"Mesmo o acúmulo de
processos no Supremo – que não é apenas corte constitucional, mas é
chamado a decidir sobre praticamente tudo, inclusive questões penais –
não justifica que as acusações contra políticos sejam tratadas desta
forma". Editorial da Gazeta do Povo:
Nos últimos dois
meses, o Supremo Tribunal Federal deu mais razões para a prerrogativa de
foro – a regra pela qual detentores de certos cargos, eleitos ou por
nomeação, sejam julgados apenas pelos tribunais superiores,
especialmente o STF – seja realmente chamada pelo seu nome popular,
“foro privilegiado”. O privilégio, no caso, é o de escapar das mãos da
Justiça.
Em fevereiro, o
ministro Marco Aurélio Mello mandou arquivar, a pedido da
Procuradoria-Geral da República, um inquérito contra o senador Romero
Jucá (MDB-RR) – aquele do “grande acordo nacional, com Supremo, com
tudo” – em que ele era investigado por desvio de recursos públicos: Jucá
teria recebido comissão por obras realizadas entre 1999 e 2001 no
município de Cantá. Como o crime de peculato pode render um máximo de 12
anos de prisão, a prescrição ocorre em 16 anos depois do cometimento do
crime, de acordo com o artigo 109 do Código Penal. Ou seja, o crime
prescreveu e, diante disso, não restava mais nada a fazer a não ser a
solicitação de arquivamento pela PGR e a aceitação do pedido por Marco
Aurélio.
A prescrição
significa que o Estado abriu mão da sua pretensão de punir, por pura
lentidão. No caso de Jucá, o Supremo recebeu o pedido de investigação em
abril de 2004. Em todos esses anos, a corte foi incapaz de conduzir o
processo de modo que Jucá acabasse julgado pelos crimes de que era
suspeito. O dano causado pela prescrição é tamanho que foi apontado até
pela defesa de Jucá. “Em vez de afirmar a inocência, infelizmente fica a
história que foi por prescrição”, disse o advogado Antônio Carlos de
Almeida Castro, o Kakay. De fato: é mais evidente o estrago que a
prescrição causa quando o acusado é realmente culpado, porque se
consagra a impunidade, mas, se o suspeito for inocente, a prescrição não
retira a dúvida que fica pairando sobre sua conduta e que talvez jamais
seja sanada diante da opinião pública.
Na última
terça-feira, dia 17, foi a vez de o ministro Celso de Mello mandar
arquivar um outro processo, desta vez envolvendo o deputado Flaviano
Melo (MDB-AC). Este caso estava em um estágio bem mais avançado que o de
Jucá, pois Melo, acusado de participar de um esquema de desvio com
funcionários do Banco do Brasil entre 1988 e 1990, quando era governador
do Acre, tinha se tornado réu em 2002 – cinco anos depois, com sua
eleição para a Câmara, o processo subiu para o Supremo, onde ficou nas
mãos de Mello por dez anos sem que fosse julgado, apesar dos insistentes
pedidos da PGR e do fato de o processo estar concluído (ou seja, as
alegações finais da acusação e da defesa já tinham sido feitas) desde 26
de maio de 2008.
Também diferentemente
do caso de Jucá, o crime de que Melo era acusado ainda não tinha
prescrito, mas isso estava prestes a acontecer, em junho deste ano.

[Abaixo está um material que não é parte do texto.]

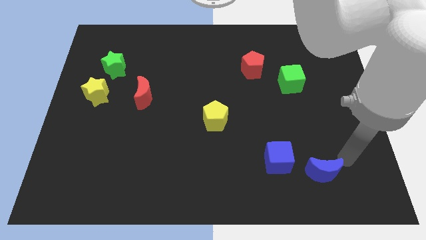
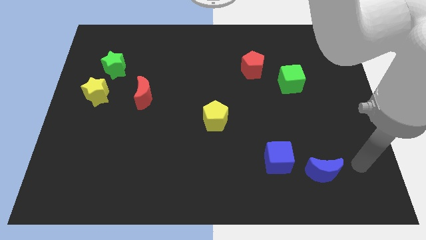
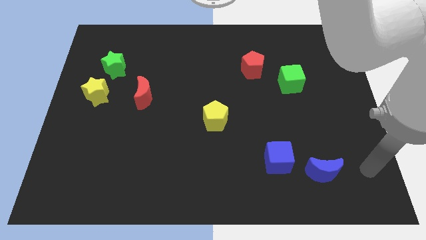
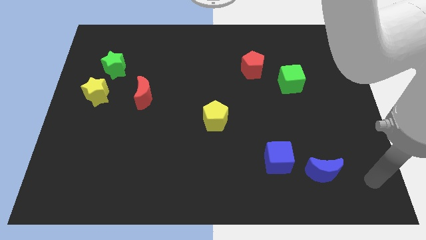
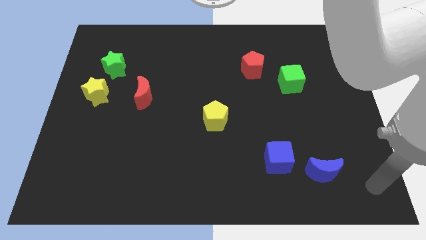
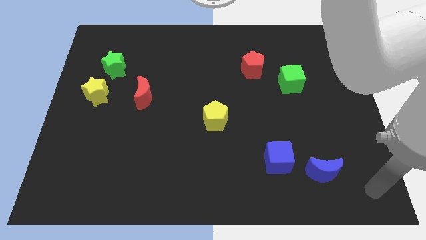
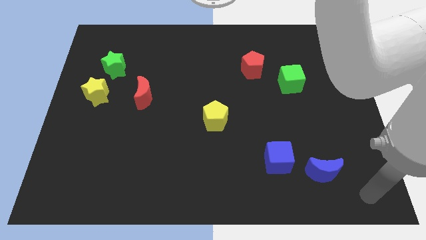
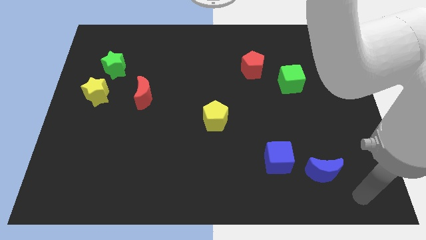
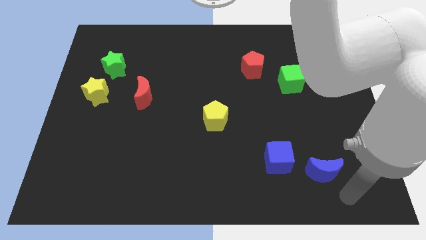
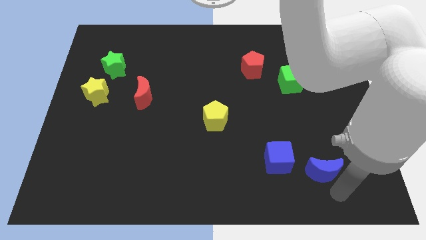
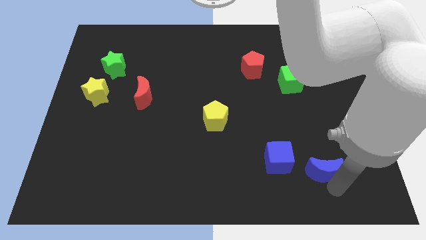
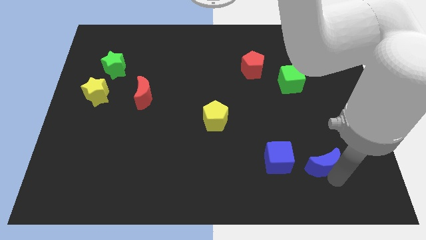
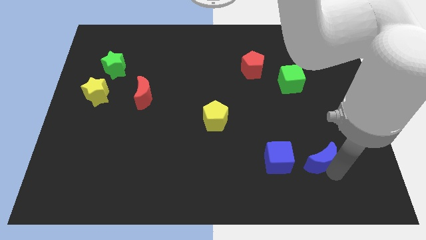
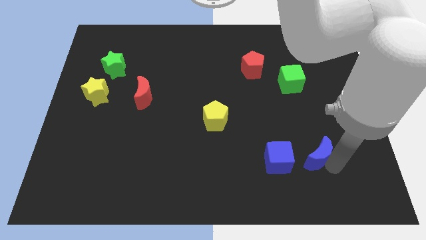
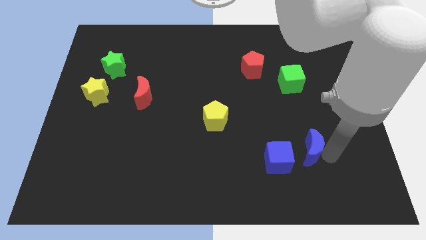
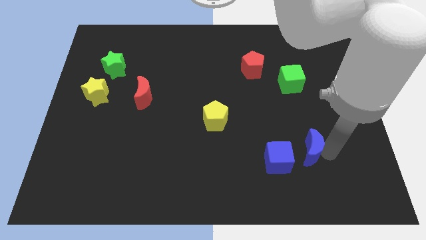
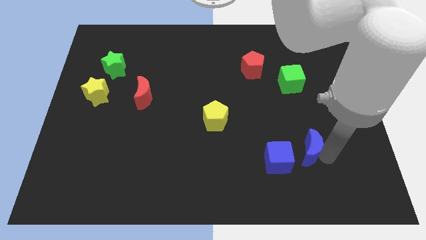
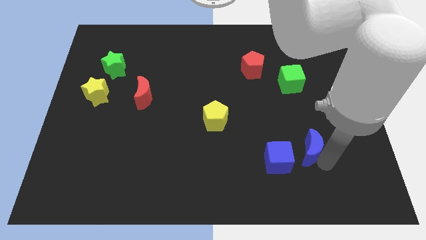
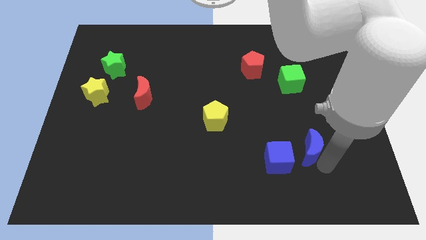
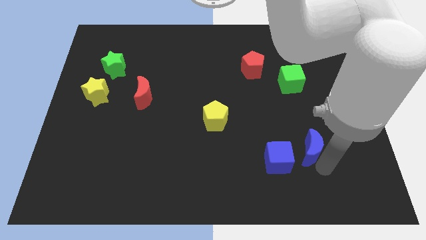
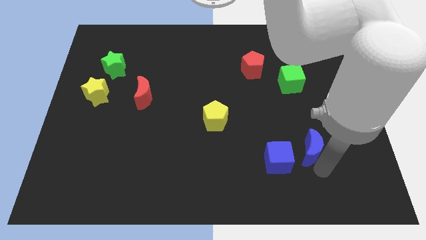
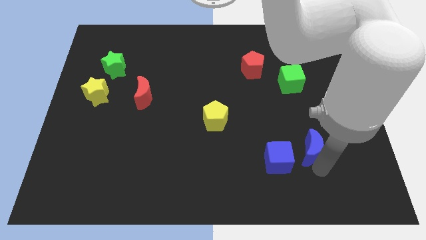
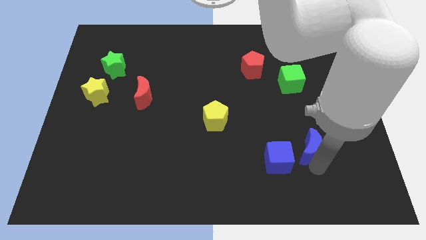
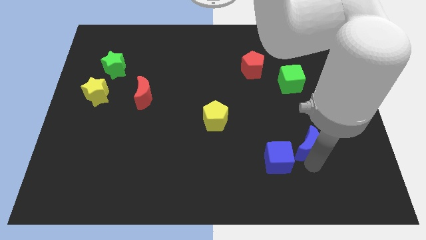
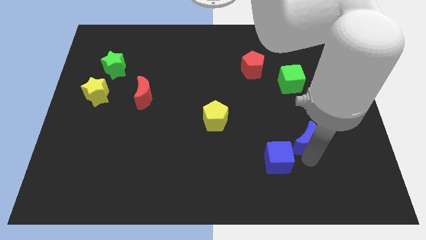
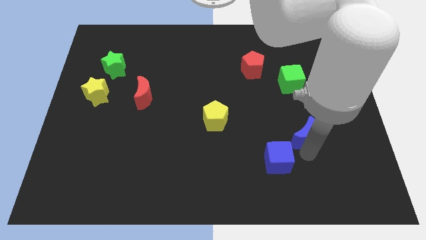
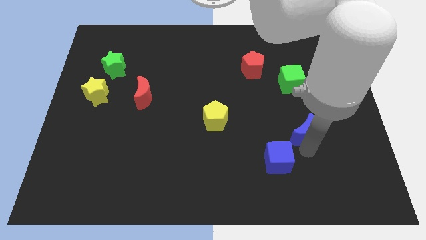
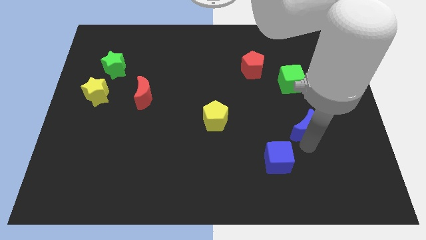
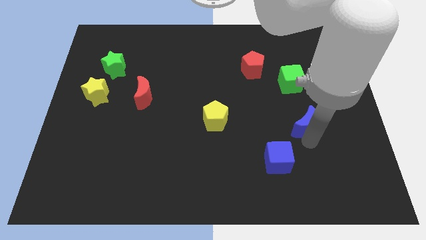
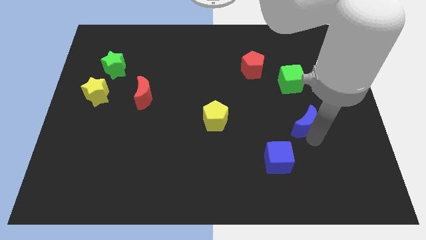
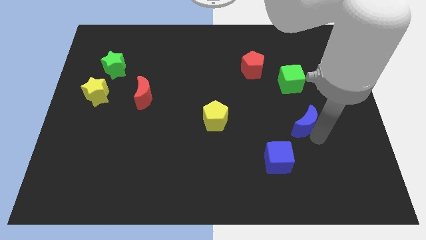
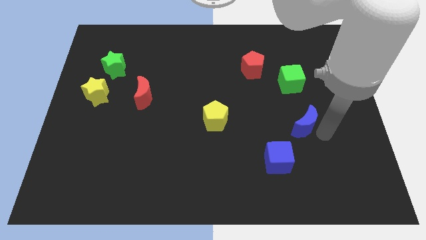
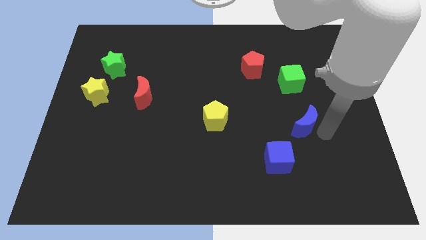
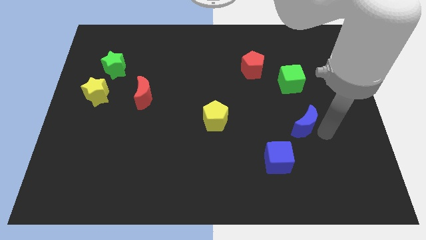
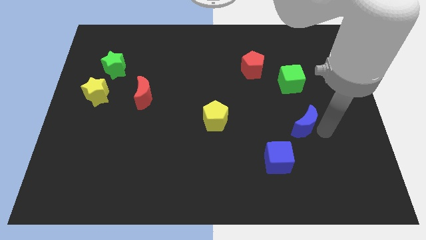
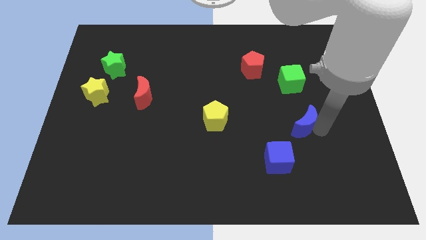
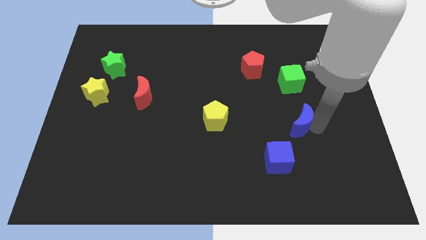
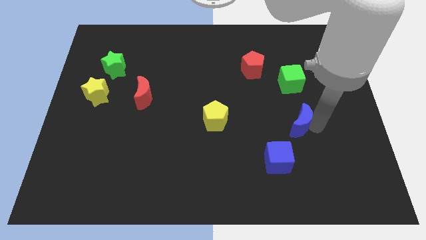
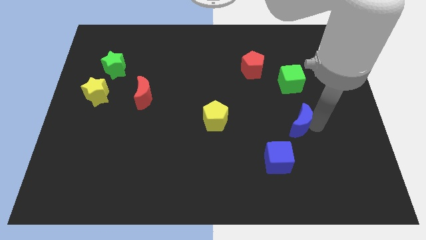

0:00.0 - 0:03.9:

Celso de Mello alegou que a denúncia era “genérica” e que não havia
“justa causa” para a continuação do processo, motivo pelo qual ele
deveria ser arquivado. Mas o relator não explicou por que levou quase
dez anos para chegar a uma conclusão aparentemente tão simples. A PGR
ainda pode recorrer do arquivamento, mas a essa altura já é o caso de
perguntar de que serviria prolongar um desfecho que se mostra
inevitável.
Esses dois casos
mostram como a Justiça pode falhar porque tarda. Mesmo o acúmulo de
processos no Supremo – que não é apenas corte constitucional, mas é
chamado a decidir sobre praticamente tudo, inclusive questões penais –
não justifica que as acusações contra políticos sejam tratadas desta
forma. Ao ver o “não desfecho” do inquérito contra Jucá e do processo de
Flaviano Melo, o brasileiro teme por fim semelhante nos processos da
Lava Jato que envolvem políticos com foro privilegiado – e cujo revisor é
justamente Celso de Mello, que tão duro havia sido com os acusados do
mensalão, tendo proferido alguns dos votos mais enfáticos na descrição
do esquema como um “projeto criminoso de poder”. Que os ministros do
Supremo percebam e retifiquem o quanto antes essas atitudes que
transformam a corte em um buraco negro no qual as acusações contra
poderosos acabam sugadas e jamais voltam à luz.